PROVIDED ENTRIES Start Marker

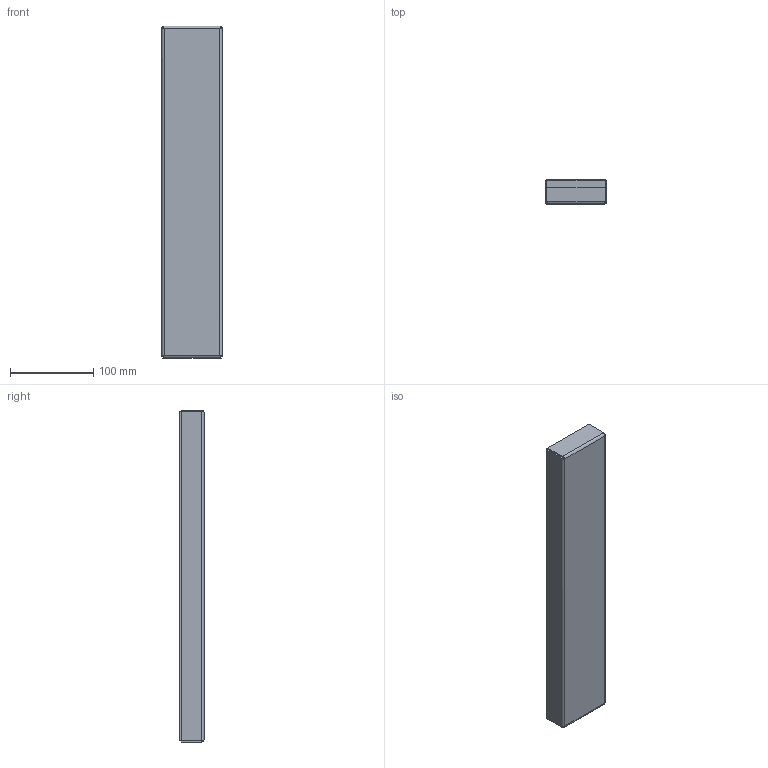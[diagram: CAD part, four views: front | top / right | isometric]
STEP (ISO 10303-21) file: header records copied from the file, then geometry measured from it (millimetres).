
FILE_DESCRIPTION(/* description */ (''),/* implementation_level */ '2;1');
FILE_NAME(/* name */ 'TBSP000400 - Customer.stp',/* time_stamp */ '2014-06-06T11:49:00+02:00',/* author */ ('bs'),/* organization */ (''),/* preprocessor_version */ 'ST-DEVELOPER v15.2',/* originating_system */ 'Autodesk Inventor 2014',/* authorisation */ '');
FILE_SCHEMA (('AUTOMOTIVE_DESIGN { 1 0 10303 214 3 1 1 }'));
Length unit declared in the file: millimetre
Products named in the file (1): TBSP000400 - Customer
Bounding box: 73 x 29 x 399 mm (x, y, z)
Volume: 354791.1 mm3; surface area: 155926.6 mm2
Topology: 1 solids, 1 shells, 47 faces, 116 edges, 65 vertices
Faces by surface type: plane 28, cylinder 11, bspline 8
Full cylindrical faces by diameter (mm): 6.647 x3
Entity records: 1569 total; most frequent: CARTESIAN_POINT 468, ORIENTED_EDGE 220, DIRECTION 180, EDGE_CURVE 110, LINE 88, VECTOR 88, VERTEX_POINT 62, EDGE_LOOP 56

PROVIDED ENTRIES End Marker

▶ _AIM OF THE EXERCISE_
In the entries above, take the line containing "STEP (ISO 10303-21)" and each later line through the last, and repeat them exactly. Output nothing else.

▶ _ANSWER SPACE_
STEP (ISO 10303-21) file: header records copied from the file, then geometry measured from it (millimetres).
FILE_DESCRIPTION(/* description */ (''),/* implementation_level */ '2;1');
FILE_NAME(/* name */ 'TBSP000400 - Customer.stp',/* time_stamp */ '2014-06-06T11:49:00+02:00',/* author */ ('bs'),/* organization */ (''),/* preprocessor_version */ 'ST-DEVELOPER v15.2',/* originating_system */ 'Autodesk Inventor 2014',/* authorisation */ '');
FILE_SCHEMA (('AUTOMOTIVE_DESIGN { 1 0 10303 214 3 1 1 }'));
Length unit declared in the file: millimetre
Products named in the file (1): TBSP000400 - Customer
Bounding box: 73 x 29 x 399 mm (x, y, z)
Volume: 354791.1 mm3; surface area: 155926.6 mm2
Topology: 1 solids, 1 shells, 47 faces, 116 edges, 65 vertices
Faces by surface type: plane 28, cylinder 11, bspline 8
Full cylindrical faces by diameter (mm): 6.647 x3
Entity records: 1569 total; most frequent: CARTESIAN_POINT 468, ORIENTED_EDGE 220, DIRECTION 180, EDGE_CURVE 110, LINE 88, VECTOR 88, VERTEX_POINT 62, EDGE_LOOP 56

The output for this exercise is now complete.